# Bi-Pole/Di-Pole



## the_rookie (Sep 30, 2008)

So, with the advancements in audio codecs, ie. Tru-HD, DTS-MA, and Atmos do we see a real benefit from these speaker types anymore? I have an unopened pair of Polk Audio FX/i's, and was wondering if they have a place in modern home theaters. With so much more advanced 3-D placement of sound from the engineers, do they benefit anymore?

Should I keep them for when I get a bigger place? Or just more bookshelves instead for the 7.1/Atmos setup?
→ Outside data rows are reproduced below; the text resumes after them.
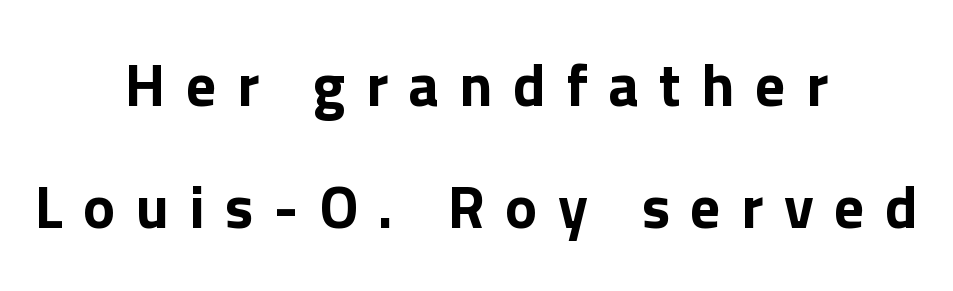
The image shows 60 px sans-serif type, upright; set centered, loose line spacing (2.04x), unusually wide letter spacing (+0.34 em), not underlined; low stroke contrast and a medium x-height.
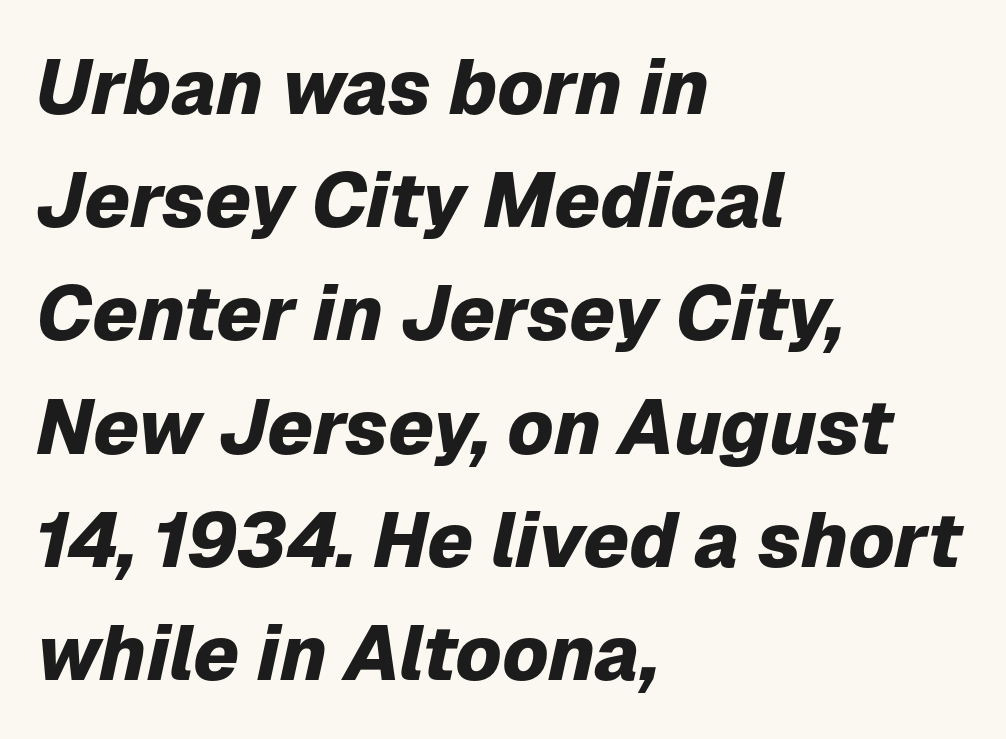
{"italic": "yes", "lean": "right", "slant_degrees": 12, "bold": "yes", "weight": "heavy", "width": "normal", "stroke_contrast": "low", "x_height": "medium", "monospaced": "no", "underline": "no", "align": "left", "line_spacing": "normal", "line_spacing_ratio": 1.47, "letter_spacing": "normal", "letter_spacing_em": 0.0, "glyph_px": 77}
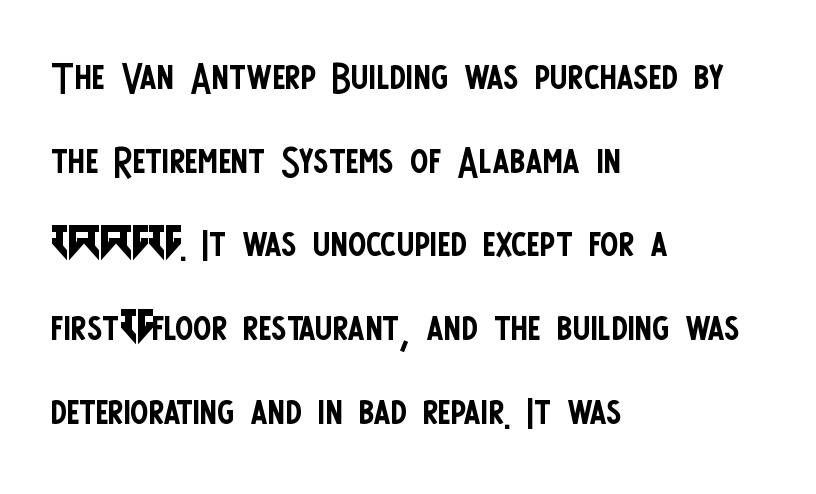
Quick note: interline space is typical. The letters advance in unequal steps, a hallmark of proportional type. A student would call this left alignment; a typographer would say flush left, rag right. This sample uses an upright cut, with every glyph sitting square on the baseline.
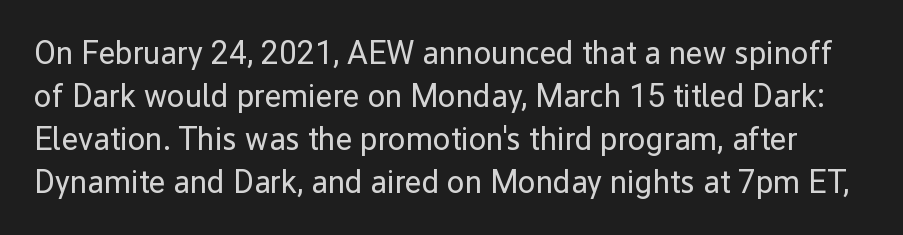
Q: Is the text bold? A: No.
Q: Is the text italic (slanted)? A: No, it is upright.
Q: Is the typeface a serif or a sans-serif typeface? A: Sans-serif.
Q: Is the text underlined? A: No.
Q: Is the spacing between letters normal or unusually wide? A: Normal.
Q: Is the spacing between lines tight, normal or loose? A: Normal.
Q: Width (condensed, normal, or wide)? A: Normal.
Q: Stroke contrast? A: Low.
Q: x-height? A: Medium.
Q: Monospaced? A: No.
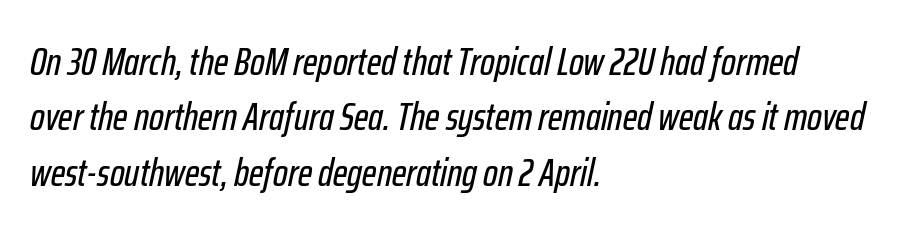
{"italic": "yes", "lean": "right", "slant_degrees": 12, "width": "condensed", "stroke_contrast": "low", "x_height": "medium", "monospaced": "no", "underline": "no", "align": "left", "line_spacing": "normal", "line_spacing_ratio": 1.42, "letter_spacing": "normal", "letter_spacing_em": 0.0, "glyph_px": 39}
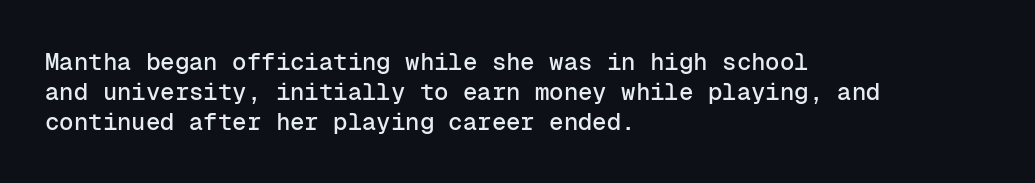
Q: Is the text italic (slanted)? A: No, it is upright.
Q: Is the text underlined? A: No.
Q: How is the paragraph aligned? A: Left-aligned.
Q: Is the spacing between letters normal or unusually wide? A: Normal.
Q: Is the spacing between lines tight, normal or loose? A: Normal.

Sent from my iPhone using Tapatalk


----------



## theJman (Mar 3, 2012)

That's a good question, but unfortunately I don't know enough about Atmos to be able to answer. I do know that bi-pole speakers are also used to overcome seating position issues relative to speaker placement, so in that context they may still provide a benefit to some.


----------



## dramitpc (May 11, 2013)

Hi there 
Dipole surrounds are not recommended for atmos setup










Sent from my iPhone using Tapatalk


----------



## giro1991 (Apr 21, 2013)

Don't bother with Atmos, save and get subs. Its essential in this day and age. Alternatively two 15 drivers are sufficient.


----------



## willis7469 (Jan 31, 2014)

I have never enjoyed them personally, but do understand that as Jman said, they do have their place. Also the pic from Dolby.com illustrates the lack of usefulness in immersive setups. I believe you almost answered your own question. Lol. Due to the accuracy of object based audio, bi/dipole speakers actually go against good playback. You might keep them for a bedroom, or den system or somewhere small where they could be useful. Personally however, I'd probably sell them to finance other purchases.


----------